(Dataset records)
BEGIN

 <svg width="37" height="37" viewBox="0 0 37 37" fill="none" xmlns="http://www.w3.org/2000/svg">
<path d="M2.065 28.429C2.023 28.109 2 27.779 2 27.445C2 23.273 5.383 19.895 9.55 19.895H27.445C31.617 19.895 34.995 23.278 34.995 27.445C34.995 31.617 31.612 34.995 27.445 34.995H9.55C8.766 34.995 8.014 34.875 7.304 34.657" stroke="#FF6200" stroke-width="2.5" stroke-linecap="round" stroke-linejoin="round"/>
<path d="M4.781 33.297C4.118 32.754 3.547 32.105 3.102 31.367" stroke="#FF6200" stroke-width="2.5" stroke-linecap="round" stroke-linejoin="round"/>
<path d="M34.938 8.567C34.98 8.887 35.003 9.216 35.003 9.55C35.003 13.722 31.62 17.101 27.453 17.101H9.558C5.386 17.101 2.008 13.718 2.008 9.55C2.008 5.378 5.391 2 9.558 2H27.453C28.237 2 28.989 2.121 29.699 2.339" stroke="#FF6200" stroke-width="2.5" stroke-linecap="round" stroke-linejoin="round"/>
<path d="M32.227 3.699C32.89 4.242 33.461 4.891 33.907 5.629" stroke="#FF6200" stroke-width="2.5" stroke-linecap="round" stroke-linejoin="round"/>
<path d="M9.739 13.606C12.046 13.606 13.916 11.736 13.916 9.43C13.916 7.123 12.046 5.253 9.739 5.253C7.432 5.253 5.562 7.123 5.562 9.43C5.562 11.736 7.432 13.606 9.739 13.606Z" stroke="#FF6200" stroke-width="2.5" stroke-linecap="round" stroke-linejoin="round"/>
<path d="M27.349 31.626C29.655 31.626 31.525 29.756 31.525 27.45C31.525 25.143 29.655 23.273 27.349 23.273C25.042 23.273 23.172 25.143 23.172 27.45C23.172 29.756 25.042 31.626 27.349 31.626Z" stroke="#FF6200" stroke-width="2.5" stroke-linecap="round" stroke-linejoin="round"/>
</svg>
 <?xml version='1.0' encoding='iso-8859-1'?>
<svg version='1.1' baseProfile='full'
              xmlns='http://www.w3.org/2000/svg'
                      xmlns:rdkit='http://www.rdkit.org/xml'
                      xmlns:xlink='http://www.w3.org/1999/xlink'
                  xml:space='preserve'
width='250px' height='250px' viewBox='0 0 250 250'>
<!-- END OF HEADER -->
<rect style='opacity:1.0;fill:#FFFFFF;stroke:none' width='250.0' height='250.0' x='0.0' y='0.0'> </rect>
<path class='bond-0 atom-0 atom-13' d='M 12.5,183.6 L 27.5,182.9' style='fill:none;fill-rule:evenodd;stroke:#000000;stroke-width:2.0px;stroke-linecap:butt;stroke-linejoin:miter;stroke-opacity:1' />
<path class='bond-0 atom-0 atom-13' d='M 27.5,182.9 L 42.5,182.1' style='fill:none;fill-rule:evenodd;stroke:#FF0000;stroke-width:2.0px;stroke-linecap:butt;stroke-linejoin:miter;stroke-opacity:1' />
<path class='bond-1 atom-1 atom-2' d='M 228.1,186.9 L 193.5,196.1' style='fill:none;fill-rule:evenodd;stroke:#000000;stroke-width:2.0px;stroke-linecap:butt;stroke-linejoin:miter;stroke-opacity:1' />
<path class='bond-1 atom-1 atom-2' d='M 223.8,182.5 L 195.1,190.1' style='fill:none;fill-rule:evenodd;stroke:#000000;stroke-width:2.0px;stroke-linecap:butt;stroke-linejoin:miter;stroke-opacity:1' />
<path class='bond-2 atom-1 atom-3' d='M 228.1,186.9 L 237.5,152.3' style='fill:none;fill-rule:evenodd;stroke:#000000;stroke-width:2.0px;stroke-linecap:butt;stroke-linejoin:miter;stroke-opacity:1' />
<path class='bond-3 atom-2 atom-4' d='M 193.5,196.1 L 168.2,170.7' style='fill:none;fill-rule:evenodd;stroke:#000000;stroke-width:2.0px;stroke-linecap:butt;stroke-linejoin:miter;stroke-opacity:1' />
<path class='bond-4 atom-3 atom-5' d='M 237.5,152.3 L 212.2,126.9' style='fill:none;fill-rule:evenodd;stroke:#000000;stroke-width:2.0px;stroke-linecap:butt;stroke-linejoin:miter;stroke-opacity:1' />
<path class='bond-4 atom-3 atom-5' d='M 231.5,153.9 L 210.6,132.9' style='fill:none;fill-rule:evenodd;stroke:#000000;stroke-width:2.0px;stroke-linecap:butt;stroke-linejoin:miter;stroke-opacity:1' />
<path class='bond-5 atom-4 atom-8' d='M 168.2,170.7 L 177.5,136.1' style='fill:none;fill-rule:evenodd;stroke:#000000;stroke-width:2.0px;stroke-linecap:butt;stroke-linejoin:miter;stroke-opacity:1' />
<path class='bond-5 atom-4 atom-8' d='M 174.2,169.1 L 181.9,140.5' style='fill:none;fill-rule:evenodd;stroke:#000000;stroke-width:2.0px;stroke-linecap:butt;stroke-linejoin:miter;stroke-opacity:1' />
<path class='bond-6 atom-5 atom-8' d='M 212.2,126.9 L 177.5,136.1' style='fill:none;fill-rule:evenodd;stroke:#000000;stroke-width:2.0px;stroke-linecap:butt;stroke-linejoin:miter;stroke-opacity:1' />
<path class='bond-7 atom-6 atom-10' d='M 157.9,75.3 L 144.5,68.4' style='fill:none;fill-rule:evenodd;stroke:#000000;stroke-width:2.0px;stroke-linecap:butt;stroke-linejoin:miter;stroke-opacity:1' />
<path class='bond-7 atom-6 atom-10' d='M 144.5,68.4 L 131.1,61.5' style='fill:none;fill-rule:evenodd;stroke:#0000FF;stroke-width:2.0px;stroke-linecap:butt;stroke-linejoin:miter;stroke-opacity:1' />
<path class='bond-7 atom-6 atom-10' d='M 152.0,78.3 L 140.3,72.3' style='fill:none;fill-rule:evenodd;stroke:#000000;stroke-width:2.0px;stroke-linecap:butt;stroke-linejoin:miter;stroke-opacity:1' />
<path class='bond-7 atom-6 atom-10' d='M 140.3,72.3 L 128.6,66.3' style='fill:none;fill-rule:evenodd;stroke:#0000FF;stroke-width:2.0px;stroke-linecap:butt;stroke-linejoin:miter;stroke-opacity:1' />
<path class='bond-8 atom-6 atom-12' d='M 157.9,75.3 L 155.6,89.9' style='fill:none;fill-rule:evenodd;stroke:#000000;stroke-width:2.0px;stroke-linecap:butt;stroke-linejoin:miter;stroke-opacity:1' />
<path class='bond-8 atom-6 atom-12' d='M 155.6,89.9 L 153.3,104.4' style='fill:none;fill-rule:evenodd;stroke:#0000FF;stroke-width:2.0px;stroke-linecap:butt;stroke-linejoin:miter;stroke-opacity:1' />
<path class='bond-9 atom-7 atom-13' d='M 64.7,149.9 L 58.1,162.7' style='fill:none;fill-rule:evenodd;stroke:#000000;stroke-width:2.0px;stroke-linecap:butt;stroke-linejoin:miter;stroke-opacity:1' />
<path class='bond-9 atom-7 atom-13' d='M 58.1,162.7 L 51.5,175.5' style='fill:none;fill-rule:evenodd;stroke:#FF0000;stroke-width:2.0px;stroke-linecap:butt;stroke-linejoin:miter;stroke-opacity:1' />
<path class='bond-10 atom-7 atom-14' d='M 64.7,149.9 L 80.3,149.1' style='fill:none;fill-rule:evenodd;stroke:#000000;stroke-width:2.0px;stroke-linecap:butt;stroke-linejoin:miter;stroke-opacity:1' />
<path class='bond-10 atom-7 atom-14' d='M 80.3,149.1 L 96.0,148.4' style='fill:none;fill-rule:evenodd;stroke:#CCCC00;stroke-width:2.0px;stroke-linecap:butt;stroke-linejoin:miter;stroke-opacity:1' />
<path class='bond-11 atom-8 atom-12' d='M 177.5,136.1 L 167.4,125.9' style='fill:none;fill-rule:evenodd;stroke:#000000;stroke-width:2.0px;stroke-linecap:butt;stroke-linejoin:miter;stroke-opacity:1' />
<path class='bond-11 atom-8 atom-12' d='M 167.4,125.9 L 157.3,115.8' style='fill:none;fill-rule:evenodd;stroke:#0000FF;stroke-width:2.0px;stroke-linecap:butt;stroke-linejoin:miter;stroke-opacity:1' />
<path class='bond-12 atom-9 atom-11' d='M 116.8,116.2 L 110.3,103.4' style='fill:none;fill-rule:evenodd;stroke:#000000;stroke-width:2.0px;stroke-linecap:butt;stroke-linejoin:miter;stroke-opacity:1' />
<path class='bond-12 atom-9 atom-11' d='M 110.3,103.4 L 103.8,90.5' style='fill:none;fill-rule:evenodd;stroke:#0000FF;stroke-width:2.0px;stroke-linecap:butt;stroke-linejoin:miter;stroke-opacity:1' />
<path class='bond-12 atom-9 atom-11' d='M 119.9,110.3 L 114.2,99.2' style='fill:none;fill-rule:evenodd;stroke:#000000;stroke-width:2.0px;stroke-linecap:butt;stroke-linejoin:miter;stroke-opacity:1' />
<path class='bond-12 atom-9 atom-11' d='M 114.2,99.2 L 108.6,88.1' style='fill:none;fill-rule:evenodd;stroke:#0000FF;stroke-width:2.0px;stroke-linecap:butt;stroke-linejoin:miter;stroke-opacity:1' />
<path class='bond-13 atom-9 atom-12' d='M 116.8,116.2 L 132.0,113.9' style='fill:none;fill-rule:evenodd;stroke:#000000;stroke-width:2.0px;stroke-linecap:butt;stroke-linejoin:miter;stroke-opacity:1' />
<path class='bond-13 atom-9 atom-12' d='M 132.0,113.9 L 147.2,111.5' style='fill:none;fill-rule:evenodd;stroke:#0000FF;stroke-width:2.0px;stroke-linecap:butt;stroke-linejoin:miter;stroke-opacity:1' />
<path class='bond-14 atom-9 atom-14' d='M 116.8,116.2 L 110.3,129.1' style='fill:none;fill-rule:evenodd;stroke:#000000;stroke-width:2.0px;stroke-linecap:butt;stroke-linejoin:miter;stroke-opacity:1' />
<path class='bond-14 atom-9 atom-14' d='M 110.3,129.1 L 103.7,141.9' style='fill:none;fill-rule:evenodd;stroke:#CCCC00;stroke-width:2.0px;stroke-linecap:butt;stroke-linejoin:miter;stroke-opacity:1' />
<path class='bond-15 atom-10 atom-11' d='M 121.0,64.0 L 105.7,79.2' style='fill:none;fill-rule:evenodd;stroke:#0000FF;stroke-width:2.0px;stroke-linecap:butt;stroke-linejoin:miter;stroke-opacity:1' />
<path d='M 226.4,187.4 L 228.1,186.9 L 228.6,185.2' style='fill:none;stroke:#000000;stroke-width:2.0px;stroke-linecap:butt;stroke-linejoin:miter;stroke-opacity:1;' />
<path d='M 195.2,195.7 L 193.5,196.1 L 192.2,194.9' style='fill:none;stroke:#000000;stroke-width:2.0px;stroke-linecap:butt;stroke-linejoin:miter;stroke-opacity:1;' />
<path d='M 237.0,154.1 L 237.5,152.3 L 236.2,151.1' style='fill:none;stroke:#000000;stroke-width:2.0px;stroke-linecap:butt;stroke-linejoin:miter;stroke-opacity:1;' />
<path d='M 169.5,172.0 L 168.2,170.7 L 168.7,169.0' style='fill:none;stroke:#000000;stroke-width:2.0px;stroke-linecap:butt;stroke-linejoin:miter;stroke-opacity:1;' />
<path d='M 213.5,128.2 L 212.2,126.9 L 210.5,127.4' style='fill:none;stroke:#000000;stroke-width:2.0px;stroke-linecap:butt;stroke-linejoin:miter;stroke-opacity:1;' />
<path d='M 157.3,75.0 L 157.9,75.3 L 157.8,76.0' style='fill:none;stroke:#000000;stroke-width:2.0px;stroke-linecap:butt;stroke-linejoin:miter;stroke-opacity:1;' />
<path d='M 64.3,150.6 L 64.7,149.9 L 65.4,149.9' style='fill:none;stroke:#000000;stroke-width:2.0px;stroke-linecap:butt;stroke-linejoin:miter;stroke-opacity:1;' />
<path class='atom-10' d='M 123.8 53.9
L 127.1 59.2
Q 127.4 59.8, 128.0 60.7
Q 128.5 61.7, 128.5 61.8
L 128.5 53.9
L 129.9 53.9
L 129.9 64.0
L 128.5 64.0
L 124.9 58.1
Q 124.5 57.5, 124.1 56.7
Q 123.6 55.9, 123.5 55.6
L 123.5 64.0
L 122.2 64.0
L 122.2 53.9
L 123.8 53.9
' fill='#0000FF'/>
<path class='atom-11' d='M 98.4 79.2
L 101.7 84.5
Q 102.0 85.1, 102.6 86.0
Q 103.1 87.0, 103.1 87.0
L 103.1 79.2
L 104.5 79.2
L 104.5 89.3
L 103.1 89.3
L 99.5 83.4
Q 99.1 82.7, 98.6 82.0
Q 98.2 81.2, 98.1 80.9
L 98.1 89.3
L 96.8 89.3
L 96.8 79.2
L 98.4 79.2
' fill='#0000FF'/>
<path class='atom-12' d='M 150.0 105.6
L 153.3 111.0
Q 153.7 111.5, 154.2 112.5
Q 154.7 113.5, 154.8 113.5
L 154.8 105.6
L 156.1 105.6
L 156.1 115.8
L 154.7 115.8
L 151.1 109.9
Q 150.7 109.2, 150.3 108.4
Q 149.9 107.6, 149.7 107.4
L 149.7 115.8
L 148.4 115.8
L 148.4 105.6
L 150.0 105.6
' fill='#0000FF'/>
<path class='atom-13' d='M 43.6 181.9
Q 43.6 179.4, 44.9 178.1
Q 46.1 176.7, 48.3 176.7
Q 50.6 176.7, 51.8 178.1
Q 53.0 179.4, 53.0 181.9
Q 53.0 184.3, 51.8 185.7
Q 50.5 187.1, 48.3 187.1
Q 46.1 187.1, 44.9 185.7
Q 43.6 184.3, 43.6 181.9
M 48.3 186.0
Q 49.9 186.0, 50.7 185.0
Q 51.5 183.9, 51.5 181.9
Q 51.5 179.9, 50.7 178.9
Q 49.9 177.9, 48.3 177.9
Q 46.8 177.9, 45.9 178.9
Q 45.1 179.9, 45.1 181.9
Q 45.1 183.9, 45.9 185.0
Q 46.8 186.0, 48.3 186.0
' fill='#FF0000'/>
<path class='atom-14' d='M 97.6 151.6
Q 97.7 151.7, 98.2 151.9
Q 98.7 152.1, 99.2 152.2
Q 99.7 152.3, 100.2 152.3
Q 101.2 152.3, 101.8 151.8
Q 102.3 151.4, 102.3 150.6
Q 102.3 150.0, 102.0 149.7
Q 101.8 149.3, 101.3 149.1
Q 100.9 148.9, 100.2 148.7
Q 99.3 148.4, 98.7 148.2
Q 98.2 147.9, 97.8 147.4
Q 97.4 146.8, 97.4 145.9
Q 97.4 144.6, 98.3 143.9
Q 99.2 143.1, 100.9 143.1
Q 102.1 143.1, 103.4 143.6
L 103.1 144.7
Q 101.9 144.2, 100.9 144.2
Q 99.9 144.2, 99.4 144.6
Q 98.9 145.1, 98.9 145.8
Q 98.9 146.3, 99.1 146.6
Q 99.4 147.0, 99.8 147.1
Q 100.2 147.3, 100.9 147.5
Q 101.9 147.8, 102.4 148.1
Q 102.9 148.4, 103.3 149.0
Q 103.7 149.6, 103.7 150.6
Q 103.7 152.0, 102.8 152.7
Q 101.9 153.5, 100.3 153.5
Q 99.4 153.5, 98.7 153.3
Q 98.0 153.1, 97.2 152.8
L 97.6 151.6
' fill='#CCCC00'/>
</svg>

END

• [WHAT YOU HAVE TO DO]
Return, exactly, the lines from the first line of the records above to the line containing "<rect style='opacity:1.0;fill:#FFFFFF;stroke:none' width='250.0'", both included.

• [FINAL ANSWER]
 <svg width="37" height="37" viewBox="0 0 37 37" fill="none" xmlns="http://www.w3.org/2000/svg">
<path d="M2.065 28.429C2.023 28.109 2 27.779 2 27.445C2 23.273 5.383 19.895 9.55 19.895H27.445C31.617 19.895 34.995 23.278 34.995 27.445C34.995 31.617 31.612 34.995 27.445 34.995H9.55C8.766 34.995 8.014 34.875 7.304 34.657" stroke="#FF6200" stroke-width="2.5" stroke-linecap="round" stroke-linejoin="round"/>
<path d="M4.781 33.297C4.118 32.754 3.547 32.105 3.102 31.367" stroke="#FF6200" stroke-width="2.5" stroke-linecap="round" stroke-linejoin="round"/>
<path d="M34.938 8.567C34.98 8.887 35.003 9.216 35.003 9.55C35.003 13.722 31.62 17.101 27.453 17.101H9.558C5.386 17.101 2.008 13.718 2.008 9.55C2.008 5.378 5.391 2 9.558 2H27.453C28.237 2 28.989 2.121 29.699 2.339" stroke="#FF6200" stroke-width="2.5" stroke-linecap="round" stroke-linejoin="round"/>
<path d="M32.227 3.699C32.89 4.242 33.461 4.891 33.907 5.629" stroke="#FF6200" stroke-width="2.5" stroke-linecap="round" stroke-linejoin="round"/>
<path d="M9.739 13.606C12.046 13.606 13.916 11.736 13.916 9.43C13.916 7.123 12.046 5.253 9.739 5.253C7.432 5.253 5.562 7.123 5.562 9.43C5.562 11.736 7.432 13.606 9.739 13.606Z" stroke="#FF6200" stroke-width="2.5" stroke-linecap="round" stroke-linejoin="round"/>
<path d="M27.349 31.626C29.655 31.626 31.525 29.756 31.525 27.45C31.525 25.143 29.655 23.273 27.349 23.273C25.042 23.273 23.172 25.143 23.172 27.45C23.172 29.756 25.042 31.626 27.349 31.626Z" stroke="#FF6200" stroke-width="2.5" stroke-linecap="round" stroke-linejoin="round"/>
</svg>
 <?xml version='1.0' encoding='iso-8859-1'?>
<svg version='1.1' baseProfile='full'
              xmlns='http://www.w3.org/2000/svg'
                      xmlns:rdkit='http://www.rdkit.org/xml'
                      xmlns:xlink='http://www.w3.org/1999/xlink'
                  xml:space='preserve'
width='250px' height='250px' viewBox='0 0 250 250'>
<!-- END OF HEADER -->
<rect style='opacity:1.0;fill:#FFFFFF;stroke:none' width='250.0' height='250.0' x='0.0' y='0.0'> </rect>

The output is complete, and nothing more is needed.